Whiteclay, meanwhile, is a town of 22 white people which net $4.2 million a year from three shops and five bars or liquor stores to which hundreds of Oglalas make their way to drink themselves stupid and then stagger home – if they are lucky. But this is also the town in which Wilson Black Elk and Ron Hard Heart last month became the latest and most villainously killed victims in a string of murders by what those encamped at the cluster of tepees beside the ditch in which they were dumped insist are the work of “the Ku Klux Klan, the
cops or both”.

Meanwhile, five American Indian bodies have been recovered from the river at ┬áRapid Creek to the north. The coroner says they had alcohol in their blood – there are rumours on the reservation of stabbing and beating. Whiteclay cuts also to the heart of the issue of land, and the treaty of 1868.

It is but one touchstone in a sudden flurry of activity over the treaty.

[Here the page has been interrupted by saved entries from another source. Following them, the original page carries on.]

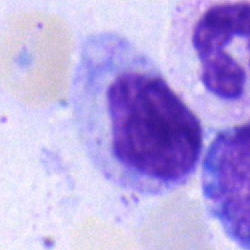

A myelocyte on a bone marrow smear.
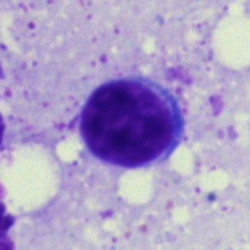
Showing a typical lymphocyte.
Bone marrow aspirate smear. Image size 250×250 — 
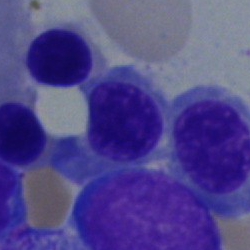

Over the other side of the reservation, on an island in the Missouri called La Framboise, another array of tepees, banners and campfires has been established in protest against a law passed in Congress recently assigning federal land not to the tribes to whom it was guaranteed under the treaty but to the state of South Dakota.

But this weekend, the flashpoint is Whiteclay.

The demonstrators on last Thursday’s march out of the reservation stopped four times to pray before arriving in town to face the watchful barrels of the state troopers’ guns and the confident smiles of the bar and liquor store owners.

“This is our land,” thundered Tom Poor Bear, organizer of the march and brother of one of the murdered men. “Instead, it’s a place where our people are not safe to walk the streets. My patience is running out. If this place is not shut down on Sunday, Camp Justice moves to town” – that means across the state line, into Nebraska and “enemy territory”.

“Leaving?”, says Jeff, a barman in the Arrowhead Inn, “of course I ain’t leaving. This is our town, this is Nebraska, not a reservation. I ain’t heard of no treaty.”

At Camp Justice, preparing for the march, the mosquitoes bite and the grasshoppers thwack into the hurricane lamps. The tepee poles reach into a star-spangled sky, their banners flying and the campfires crack. The campers are from a new generation of militants, impatient with degradation and seeking to return to what they regard as their stolen culture.

Lauren Black Elk gestures towards the ditch where his brother’s mutilated body was found. “We were close as brothers could be,” he says.

Bull Hard Heart was brother to the other dead man. “He was the baby in the family,” he says. “I can’t believe he went just like that.”

Both families have been told the autopsy results cannot be made public for evidential purposes. There are gruesome details, they are told, “known only to the killers”.

The tribal authorities are ambivalent over the war being waged by Camp Justice, and the looming crisis over Whiteclay. The chief and elders are wary of the return of AIM to the reservation.

However, the camp was blessed by the cantankerous but clear-sighted elderly man who lives in a green house on a hill outside the town of Pine Ridge. He is the chairman of the tribes of the Sioux nation and his name is Oliver Red Cloud.

His great-grandfather was the chief who, side by side with Crazy Horse, fought Custer’s army in the Black Hills and then the deportations to Pine Ridge. “God has placed us on this land and we must remain, and survive,” he says with a deliberation that quakes with anger. “The people need to take action.”

A few miles west of Red Cloud’s home, a group of teenagers are lassoing and saddling a convoy of horses. John Little Thunder, 17, said of the protest: “They say that this is just anti-drink, anti-drugs, and it is, when we watch our grandparents, and our parents and even our friends staggering home, can’t even see in front of their faces.

“But it’s not just that. It’s for things too. It’s for a way of life. It’s for saying who we are and surviving.”